Imogen Cunningham (1883-1976) es una de las fotógrafas más legendarias de la historia de la fotografía. Destacó por su técnica y versatilidad durante siete décadas, en las que exploró el desnudo, el pictorialismo, el retrato y estudios botánicos, entre otros géneros y estilos fotográficos.
Fue parte del emblemático Grupo f/64 y su obra, marcada por sujetos que van desde flores a grandes celebridades, marcó un antes y un después en la fotografía artística. Por ello influyó sobre artistas tan variopintos como Robert Frank o Francesca Woodman, y aún hoy continúa siendo una referencia clave para comprender la evolución visual del siglo XX.
”¿Cuál es mi fotografía favorita? ¡La que haré mañana!
Biografía de Imogen Cunningham
Primeros años (1883-1901)
Imogen Cunningham nació el 12 de abril de 1883 en Portland, Oregon, Estados Unidos.
Su padre, Isaac Burns Cunningham, era un teosofista, espiritualista y vegetariano, mientras que su madre, Susan Elizabeth Johnson, era una metodista proveniente de Missouri.
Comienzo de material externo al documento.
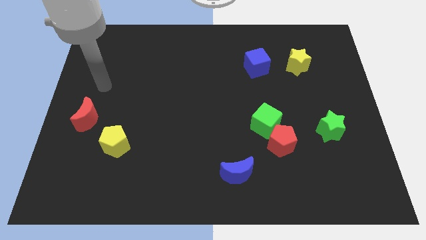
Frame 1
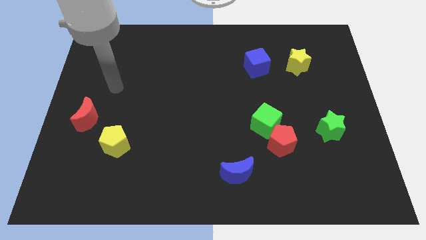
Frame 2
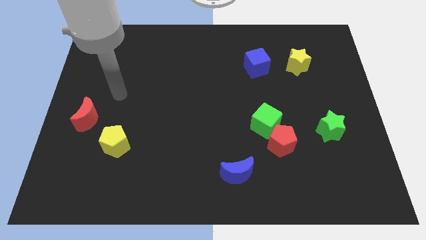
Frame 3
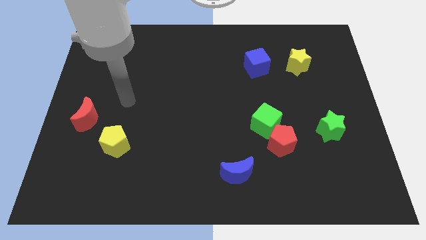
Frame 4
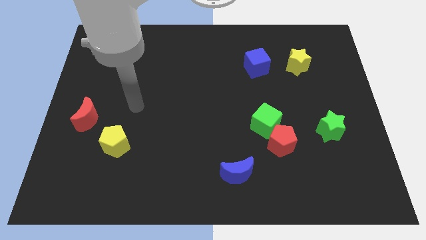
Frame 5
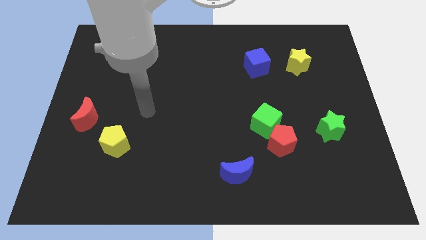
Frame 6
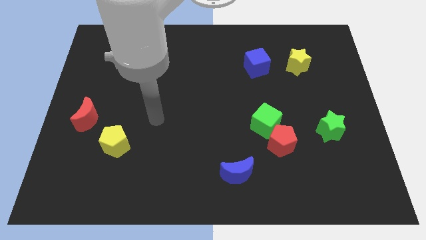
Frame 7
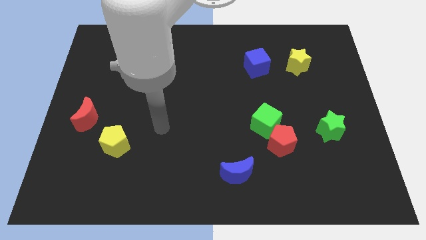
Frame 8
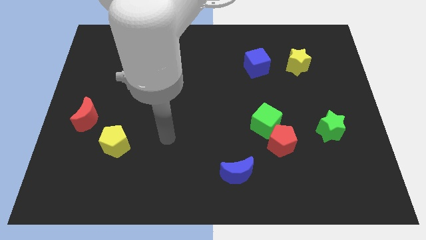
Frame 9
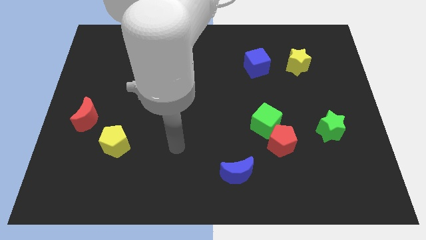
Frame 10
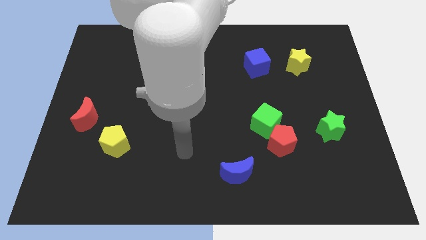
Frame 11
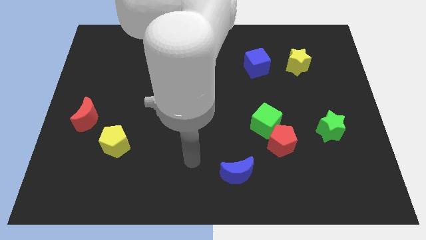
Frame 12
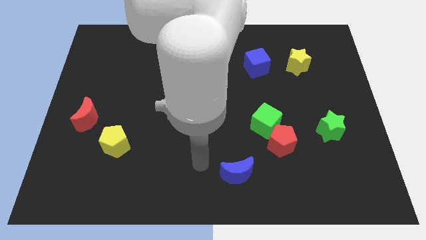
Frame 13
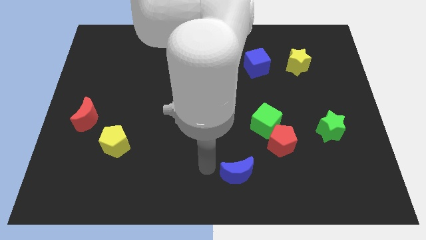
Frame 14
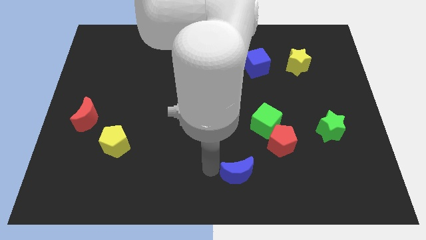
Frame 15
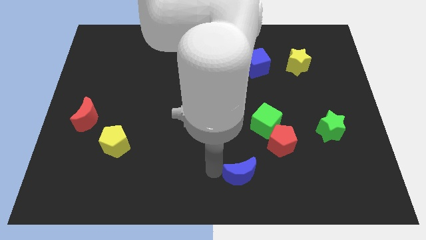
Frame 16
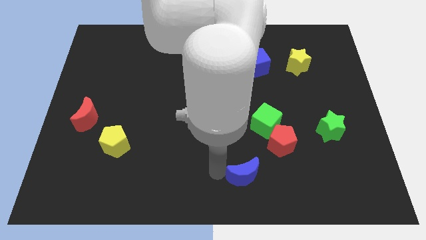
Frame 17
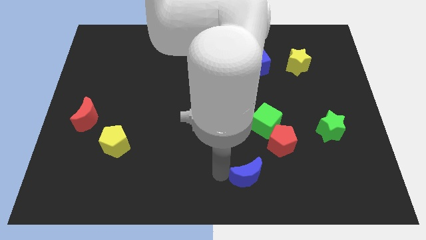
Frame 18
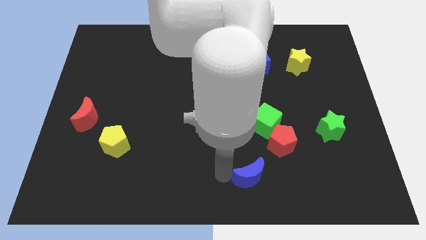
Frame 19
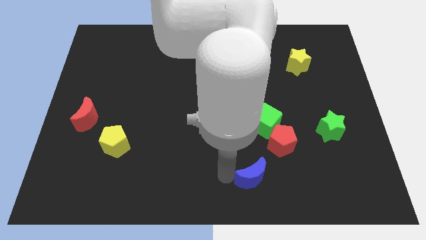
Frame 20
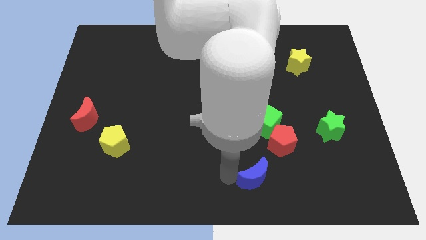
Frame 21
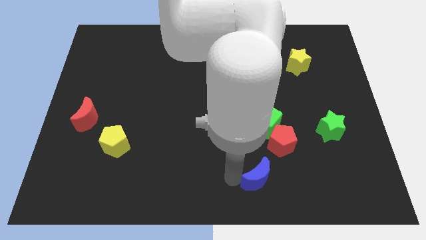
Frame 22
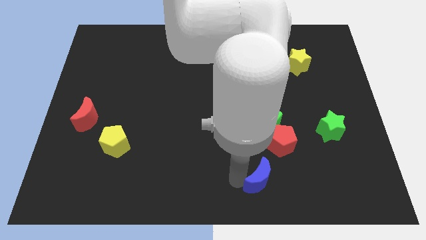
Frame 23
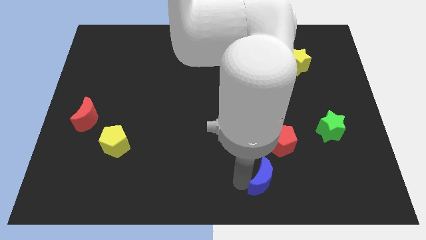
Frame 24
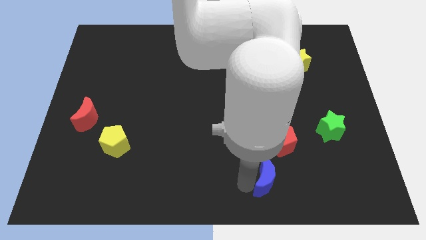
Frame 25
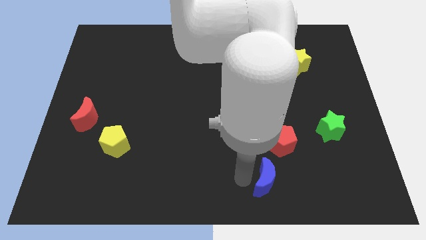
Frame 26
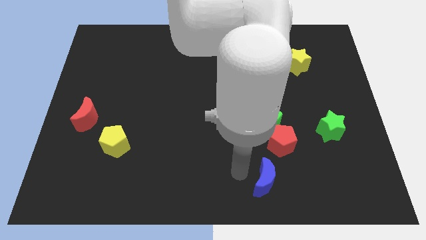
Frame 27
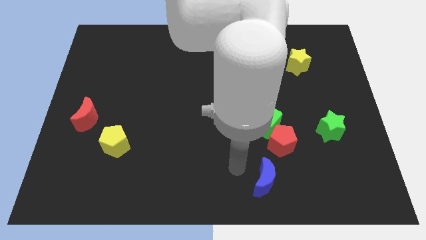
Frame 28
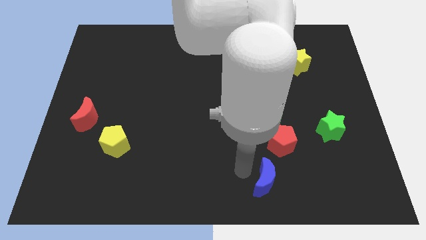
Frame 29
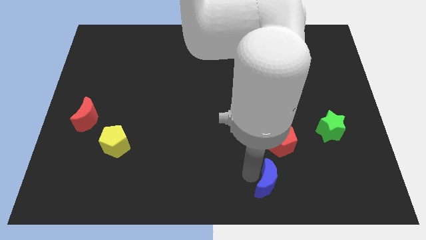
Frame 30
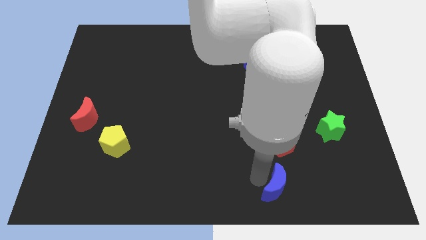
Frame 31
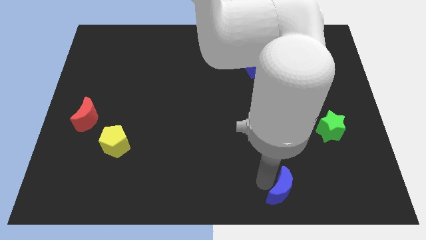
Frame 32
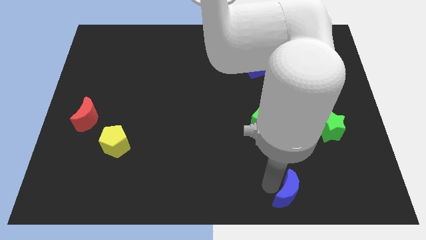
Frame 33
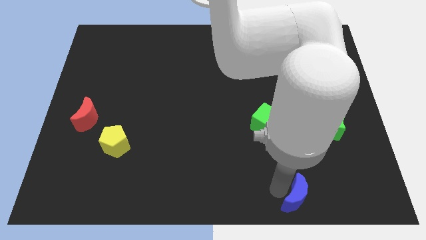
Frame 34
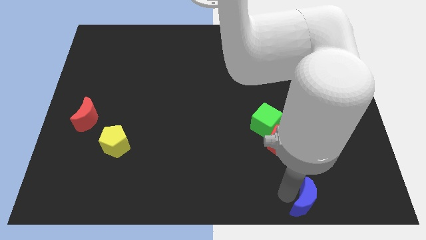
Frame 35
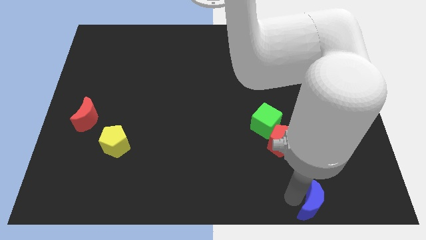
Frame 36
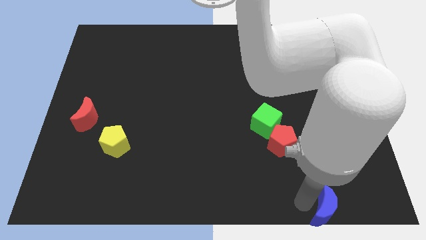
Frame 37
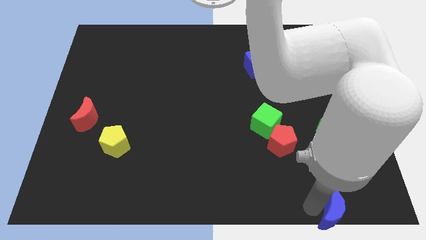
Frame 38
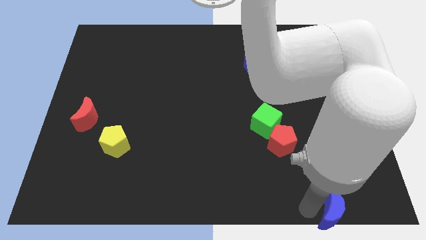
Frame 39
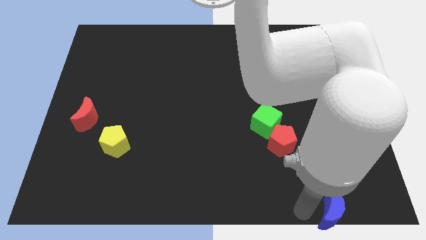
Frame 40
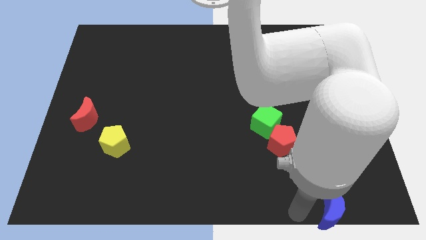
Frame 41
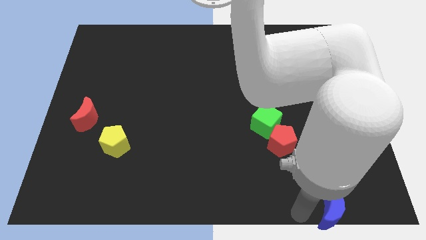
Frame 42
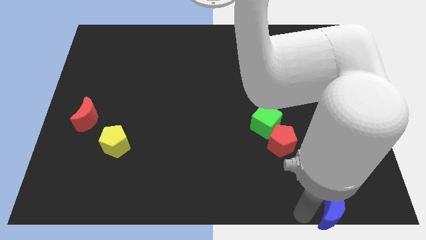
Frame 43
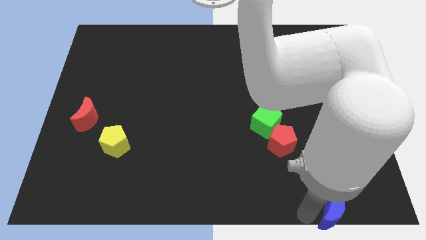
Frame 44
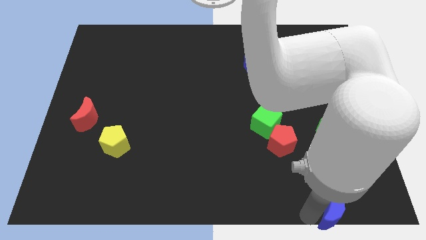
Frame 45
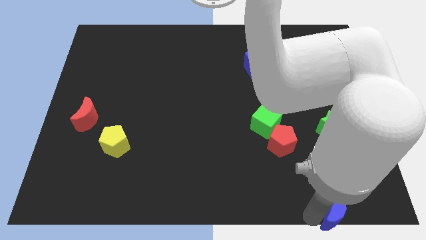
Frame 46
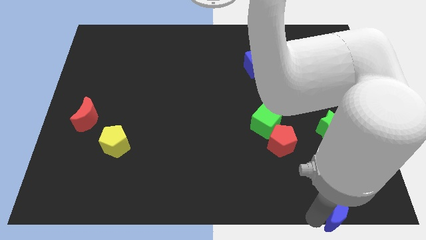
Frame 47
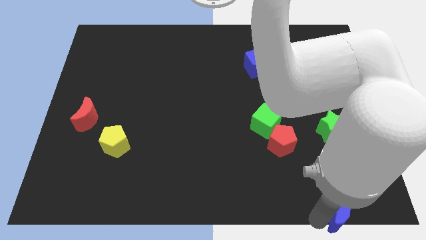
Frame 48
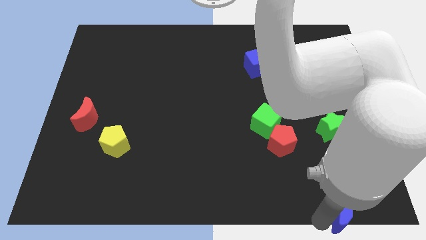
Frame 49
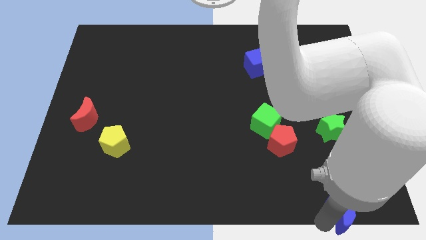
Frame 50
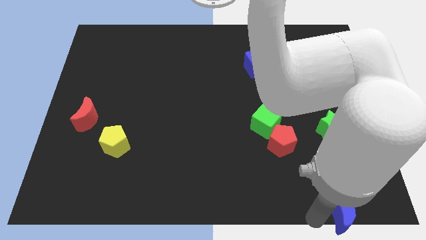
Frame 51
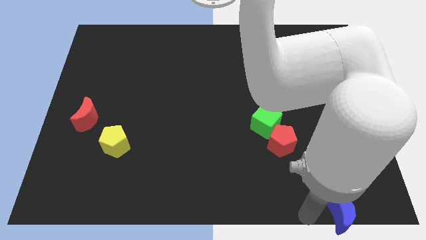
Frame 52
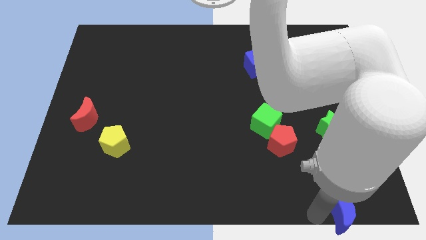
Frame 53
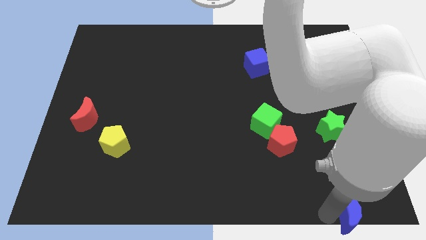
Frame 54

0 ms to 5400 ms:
put the blue moon to the bottom right of the board

Imogen debe su nombre a Imogena, un personaje clave de la tragicomedia de Shakespeare, Cimbelino. Sería la quinta de un total de diez hermanos y crecería en Seattle, Washington.
Hacia 1901, a sus dieciocho años, Cunningham compró su primera cámara, una cámara de visión de 4×5 pulgadas, a través de un curso por correspondencia de la American School of Art en Scranton, Pensilvania.
Sería su primer contacto con la fotografía pero no su primer contacto con alguna forma de arte: desde pequeña, Imogen recibió clases particulares de arte y estaba sumamente interesada en el dibujo con lápices de grafito.
Años formativos (1903-1907)
La primera década del siglo XX serían años clave para la transformación de su carrera: en 1903 se matricula en Ciencias Químicas por la Universidad de Washington y se costea los estudios realizando fotografías de plantas para las clases de botánica.
En 1906 conoce la obra de la fotógrafa pictorialista Gertrude Käsebier y esto crea en ella un interés mayor en el oficio fotográfico, que hasta entonces veía sólo como un medio para ganarse la vida.
Inspirada por Käsebier, Cunningham se retrata a sí misma desnuda e inicia su primera serie de retratos pictorialistas. Al mismo tiempo, empezó a estudiar la química detrás del revelado fotográfico y para 1907 termina su tesis titulada “Procesos modernos de fotografía”.
El triple interés de Imogen por la química, la botánica y el desnudo serían los factores diferenciadores que la harían una gran fotógrafa tan sólo años después.
Hacia 1907 empieza a trabajar como asistente para Edward S. Curtis, un cronista y fotógrafo norteamericano entonces célebre por su estudio fotográfico de los nativos americanos.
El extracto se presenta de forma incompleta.